FIG. 1 is a schematic perspective view of an internal magnetic shield according to a first embodiment of the present invention.

FIG. 2 is a side view of the internal magnetic shield according to the first embodiment of the present invention as viewed from a short side wall side;

FIG. 3 is a comparison diagram of the amount of mislanding due to terrestrial magnetism when using the internal magnetic shield according to the first embodiment of the present invention and a conventional internal magnetic shield

FIG. 4 is a schematic perspective view of an internal magnetic shield according to a second embodiment of the present invention;

FIG. 5 is a comparison diagram of the amount of mislanding caused by terrestrial magnetism when the internal magnetic shield according to the second embodiment of the present invention and another conventional internal magnetic shield are used.

FIG. 6 is a sectional view showing a schematic configuration of a cathode ray tube of the present invention.

FIG. 7 is a schematic sectional view of a conventional cathode ray tube.

FIG. 8 is a schematic perspective view of a conventional internal magnetic shield.

FIG. 9 is a schematic perspective view of another conventional internal magnetic shield.

DESCRIPTION OF SYMBOLS 1 Long side wall 2 Short side wall 3 Opening 4 Notch 5, 8 Partition 6, 10 Opening end 7, 11 Cutting side 9 Partitions group 20 Color cathode ray tube 21 Front panel 22 Funnel 23 Envelope 24 phosphor screen 25 color selection electrode 26 frame 27 electron gun 28 electron beam 29 deflection yoke 30 internal magnetic shield

 ──────────────────────────────────────────────────の Continued on the front page (72) Inventor Shinichiro Hatta 1006 Kazuma Kadoma, Osaka Prefecture Inside Matsushita Electric Industrial Co., Ltd.
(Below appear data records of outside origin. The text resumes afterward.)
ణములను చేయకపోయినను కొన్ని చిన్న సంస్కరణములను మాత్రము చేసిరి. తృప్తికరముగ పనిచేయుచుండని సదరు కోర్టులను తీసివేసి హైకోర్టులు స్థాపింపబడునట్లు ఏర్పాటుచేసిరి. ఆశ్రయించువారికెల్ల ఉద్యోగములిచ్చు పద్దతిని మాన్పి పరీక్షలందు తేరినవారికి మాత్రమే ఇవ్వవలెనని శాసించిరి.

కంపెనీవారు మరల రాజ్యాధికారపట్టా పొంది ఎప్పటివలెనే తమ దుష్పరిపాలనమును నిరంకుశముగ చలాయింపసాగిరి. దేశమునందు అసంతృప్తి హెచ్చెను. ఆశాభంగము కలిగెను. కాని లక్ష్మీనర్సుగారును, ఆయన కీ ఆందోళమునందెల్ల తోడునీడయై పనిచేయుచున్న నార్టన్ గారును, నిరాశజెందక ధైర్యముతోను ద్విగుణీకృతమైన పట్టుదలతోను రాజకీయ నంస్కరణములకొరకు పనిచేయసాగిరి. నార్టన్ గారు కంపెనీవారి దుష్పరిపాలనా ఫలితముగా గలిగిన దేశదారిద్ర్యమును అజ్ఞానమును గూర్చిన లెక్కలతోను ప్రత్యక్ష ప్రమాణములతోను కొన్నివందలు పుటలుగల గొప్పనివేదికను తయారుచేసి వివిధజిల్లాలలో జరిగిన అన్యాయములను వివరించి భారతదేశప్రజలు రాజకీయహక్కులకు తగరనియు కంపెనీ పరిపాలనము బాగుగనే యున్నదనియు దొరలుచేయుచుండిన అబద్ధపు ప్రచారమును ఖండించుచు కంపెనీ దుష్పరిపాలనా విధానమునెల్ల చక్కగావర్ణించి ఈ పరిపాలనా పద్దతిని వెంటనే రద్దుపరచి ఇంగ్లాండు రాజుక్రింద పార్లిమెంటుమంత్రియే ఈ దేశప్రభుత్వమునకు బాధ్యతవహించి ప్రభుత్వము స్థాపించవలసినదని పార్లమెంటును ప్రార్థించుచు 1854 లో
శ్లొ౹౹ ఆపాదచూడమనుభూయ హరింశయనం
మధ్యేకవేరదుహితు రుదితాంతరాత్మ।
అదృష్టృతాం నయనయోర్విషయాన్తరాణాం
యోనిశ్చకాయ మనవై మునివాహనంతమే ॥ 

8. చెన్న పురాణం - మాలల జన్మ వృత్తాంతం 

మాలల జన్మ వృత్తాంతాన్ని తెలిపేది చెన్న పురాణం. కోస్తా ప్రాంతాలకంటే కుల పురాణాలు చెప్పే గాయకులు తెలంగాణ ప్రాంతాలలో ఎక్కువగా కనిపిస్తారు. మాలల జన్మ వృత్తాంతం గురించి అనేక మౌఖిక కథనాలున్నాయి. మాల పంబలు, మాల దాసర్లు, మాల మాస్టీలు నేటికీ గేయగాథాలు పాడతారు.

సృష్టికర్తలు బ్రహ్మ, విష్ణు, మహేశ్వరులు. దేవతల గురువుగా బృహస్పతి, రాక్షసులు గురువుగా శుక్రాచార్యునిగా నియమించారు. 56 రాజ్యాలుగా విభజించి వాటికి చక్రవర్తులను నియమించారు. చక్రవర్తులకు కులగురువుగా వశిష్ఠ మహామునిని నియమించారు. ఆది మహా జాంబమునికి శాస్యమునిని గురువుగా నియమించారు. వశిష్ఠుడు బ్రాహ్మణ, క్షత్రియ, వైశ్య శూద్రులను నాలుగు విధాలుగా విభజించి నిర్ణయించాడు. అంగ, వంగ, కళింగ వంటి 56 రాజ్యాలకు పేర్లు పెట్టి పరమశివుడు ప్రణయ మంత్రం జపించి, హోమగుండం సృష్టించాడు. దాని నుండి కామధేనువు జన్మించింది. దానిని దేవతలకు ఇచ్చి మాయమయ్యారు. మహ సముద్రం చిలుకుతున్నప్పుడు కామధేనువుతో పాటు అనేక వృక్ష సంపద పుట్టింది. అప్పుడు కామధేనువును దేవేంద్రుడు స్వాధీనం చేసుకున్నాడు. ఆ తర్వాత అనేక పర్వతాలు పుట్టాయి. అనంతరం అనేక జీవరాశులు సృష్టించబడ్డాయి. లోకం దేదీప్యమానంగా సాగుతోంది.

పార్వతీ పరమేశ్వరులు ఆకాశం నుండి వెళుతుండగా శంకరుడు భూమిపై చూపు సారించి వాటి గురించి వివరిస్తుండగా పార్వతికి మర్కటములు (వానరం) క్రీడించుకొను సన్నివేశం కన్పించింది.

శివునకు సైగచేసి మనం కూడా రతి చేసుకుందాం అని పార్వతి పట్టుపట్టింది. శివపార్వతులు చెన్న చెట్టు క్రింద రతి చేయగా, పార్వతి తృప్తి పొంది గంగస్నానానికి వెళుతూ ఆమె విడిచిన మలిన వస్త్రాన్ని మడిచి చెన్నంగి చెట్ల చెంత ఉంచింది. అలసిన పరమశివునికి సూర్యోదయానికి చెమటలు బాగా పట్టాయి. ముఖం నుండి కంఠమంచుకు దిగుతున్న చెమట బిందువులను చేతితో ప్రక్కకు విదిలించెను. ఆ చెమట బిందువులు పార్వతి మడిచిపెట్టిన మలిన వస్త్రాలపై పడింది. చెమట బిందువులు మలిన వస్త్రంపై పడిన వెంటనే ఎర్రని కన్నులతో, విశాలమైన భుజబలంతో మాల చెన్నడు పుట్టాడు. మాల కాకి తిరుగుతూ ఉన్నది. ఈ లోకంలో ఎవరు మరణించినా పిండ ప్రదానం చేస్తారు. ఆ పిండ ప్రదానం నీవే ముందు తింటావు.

F-term (reference) 5C031 CC02

Claims (8)

[Claims] 1. An internal magnetic shield for a cathode ray tube having a pair of opposed long side walls and a pair of opposed short side walls, and having an opening surrounded by these at the center,
The internal magnetic shield, wherein a notched and bent screen portion is formed on the short side wall. 2. The internal magnetic shield according to claim 1, wherein the partition is oriented in a direction substantially parallel to an electron beam orbit or a tube axis near the short side wall. 3. The internal magnetic shield according to claim 1, wherein the partition portion is notched and bent substantially parallel to the phosphor screen. 4. The internal magnetic shield according to claim 1, wherein the partition has a substantially triangular or substantially quadrangular shape. 5. An internal magnetic shield for a cathode ray tube, comprising a pair of opposed long side walls and a pair of opposed short side walls, and having an opening surrounded by these in the center,
An internal magnetic shield, wherein a plurality of notched and bent screen portions are formed in parallel on the short side wall. 6. The internal magnetic shield according to claim 5, wherein the width of the plurality of partitions decreases toward the phosphor screen, and the group of the partitions is substantially V-shaped. 7. An envelope comprising a front panel and a funnel, a phosphor screen formed on an inner surface of the front panel, a color selection electrode arranged to face the phosphor screen, and With an arranged electron gun,
A cathode ray tube having an internal magnetic shield disposed between the color selection electrode and the electron gun, wherein the internal magnetic shield is the internal magnetic shield according to claim 1. 8. An envelope comprising a front panel and a funnel, a phosphor screen formed on the inner surface of the front panel, a color selection electrode arranged to face the phosphor screen, and With an arranged electron gun,
A cathode ray tube having an internal magnetic shield disposed between the color selection electrode and the electron gun, wherein the internal magnetic shield is the internal magnetic shield according to claim 5.